The new approach is a unique magnetic resource imaging tool, called creatine chemical exchange saturation transfer (CrCEST) MRI, that could help researchers study the impact of metabolic disease longitudinally in children. CrCEST detects changes in muscle creatine content before and after exercise. These changes allow researchers to estimate mitochondrial oxidative phosphorylation (OXPHOS) capacity, which is an important indicator of how the body generates energy.

In their study published in JCI Insight, Dr. McCormack and her colleagues demonstrated that CrCEST was a viable technique for measuring OXPHOS capacity after exercise in individuals with genetic mitochondrial disease, a group of conditions that can produce symptoms in many different organs, including fatigue, cardiac problems, diabetes, hearing and vision impairment, and more — depending on which cells within the body have disrupted mitochondria.

CrCEST has several benefits beyond the current techniques used to measure mitochondrial function, which often require a muscle biopsy. Along with being noninvasive, CrCEST gives researchers a high-resolution picture of mitochondrial function in different muscle groups simultaneously. With further development, the new tool may give physicians an objective biomarker to determine whether a particular intervention is truly helping a patient’s mitochondria to function better.
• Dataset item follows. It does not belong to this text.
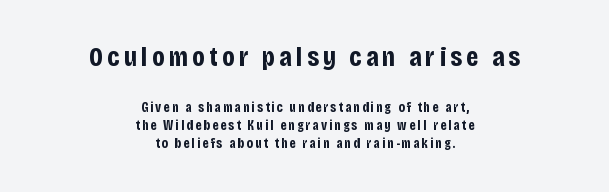
{"serif": "no", "italic": "no", "bold": "yes", "weight": "bold", "width": "condensed", "stroke_contrast": "low", "x_height": "large", "monospaced": "no", "underline": "no", "align": "center", "line_spacing": "normal", "line_spacing_ratio": 1.3, "larger_block": "first", "size_ratio": 2.0, "glyph_px": 28}
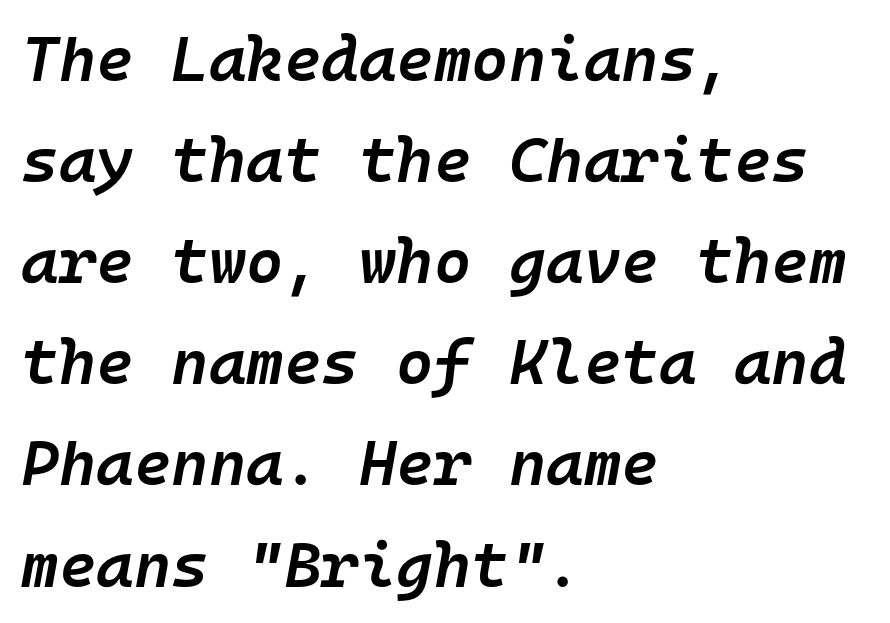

Investigators also could take the tool in new directions. For example, CrCEST could be used to address one of Dr. McCormack’s research questions: How does muscle mitochondria dysfunction contribute to precipitating diabetes?

“In order for me to study diabetes risk in these individuals, it’s helpful to have a measure of muscle mitochondrial dysfunction,” Dr. McCormack said. “Then, the next question is: ‘Does muscle uptake of glucose depend on the degree of OXPHOS capacity?’ And if it does, this might be an area to intervene to prevent the development of diabetes, in individuals with mitochondrial diseases as well as individuals with ‘common’ type 2 diabetes.”

Imaging in the OR: Echocardiography Detects Heart Defects During Surgery

Imaging in the OR: Echocardiography Detects Heart Defects During Surgery

When surgeons repair a type of heart condition known as a conotruncal defect, residual holes can appear between a patient’s two heart chambers — a rare but life-threatening complication known as intramural ventricular septal defects (VSDs). Researchers from the Cardiac Center at CHOP investigated a novel approach to detecting VSDs that would give surgeons the powerful ability to repair the complication during the same operation.

Transesophageal echocardiography (TEE) is a type of echocardiography that takes pictures of the heart by inserting a small transducer into a patient’s esophagus. Though the imaging tool is typically used in exams, TEE had not yet been studied as a way to detect VSDs during surgery. The CHOP research team is the first to do so, publishing their findings in the Journal of Thoracic and Cardiovascular Surgery. Meryl Cohen, MD, a pediatric cardiologist at CHOP and professor of Pediatrics at the Perelman School of Medicine, led the research.

In a retrospective analysis of 337 children, mostly infants, who underwent surgery for conotruncal defects between 2006 and 2013, Dr. Cohen and her fellow researchers compared the use of TEE during surgery with that of another echocardiography tool, transthoracic echocardiography (TTE) after surgery. Unlike TEE, TTE is noninvasive. In their results, the team found that both TTE and TEE identified 19 VSDs out of 34 surgical patients who had the intramural defect, while only TTE identified an additional 15. Overall, the data showed that TEE had modest sensitivity (56 percent) but high specificity (100 percent) for identifying intramural VSDs.

The findings build on a previous study from the Cardiac Center and led by Dr. Cohen that recognized intramural VSDs as distinct from other types of residual holes. In that study, published in Circulation in 2015, the research team concluded that intramural VSDs were uniquely associated with an increased risk of complications and mortality in children with heart disease, making it important to address and identify the defects as quickly as possible.